Weekly opening hours

Accessible toute l'année

The Royal Tower of Toulon

La Tour Royale à Toulon. Source : http://www.photos-de-villes.com

Constructed in 1513 on the orders of King Louis XII, the Royal Tower was built to defend the entrance to the port of Toulon.

From the beginning of the 16th century, the inhabitants of Toulon were heavily preoccupied with sheltering their town from an attack by sea. And although, with its fortified wall dating from the 14th century, Toulon could consider itself sheltered from a sudden attack from the land, its harbour remained entirely open to enemy fleets. Listening to the pleas of the province and alerted by the town council, in 1513 KIng Louis XII ordered the construction of a fortification in the form of a tower in the entrance to the port to defend its access. Originally called the Royal Tower, this fortification was immediately called the Great Tower or the Big Tower by the people, who were amazed at its size. In a municipal debate held on the 16th July 1513, the town council decided that this tower would be built on the cape known as la Manègue, in the entrance to the port, as the king had wanted. The execution of the work was under the supervision of an Italian engineer of great renown, Jean-Antoine de la Porta, who arrived at the port in early May 1514. The work was started on the 14th May, the date of the first excavations, to public rejoicing and would continue, often halted due to financial difficulties, for ten years. The Great Tower was completely finished and armed in May 1524. Command of it was entrusted to the unsavoury individual Captain Jehan du Mottet, famous for the cowardice with which he surrendered it to the Imperials, without a struggle, for 500 gold Ecus, when the latter invaded Provence in 1524. The enemy found 3 canons and 9 other artillery pieces there, which they drove to their camp outside Marseille, opening up the first route through the Ollioules gorges, in order to avoid the harsh climb up the Corps de Garde pass.

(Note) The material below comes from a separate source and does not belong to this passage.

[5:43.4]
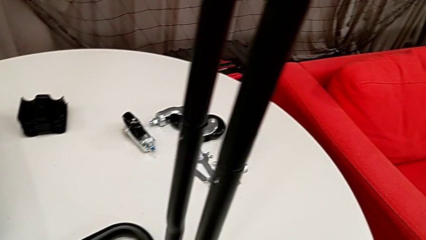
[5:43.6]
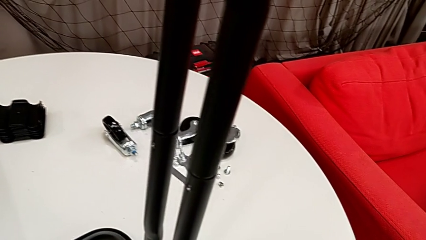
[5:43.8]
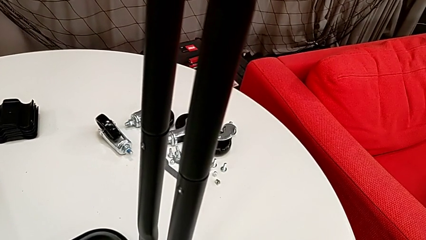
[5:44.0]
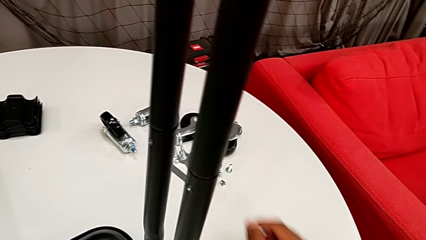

Amongst the canons taken were the famous culverin, called Lézarde, which was later to cause so much harm to the French on the day of the Battle of Pavia (24th February 1525) and which was partly responsible for the victory. In 1529, the Great Tower was rearmed and as a result was able to resist in July and August 1536, when the fleet of Andréa Doria entered Toulon. It could not, however, prevent it from occupying the harbour during the new invasion of Provence by Charles Quint. During the persecutions suffered by the protestants in the province as a result of the Saint-Barthélémy massacre, about twenty Reformist families found asylum in the Great Tower.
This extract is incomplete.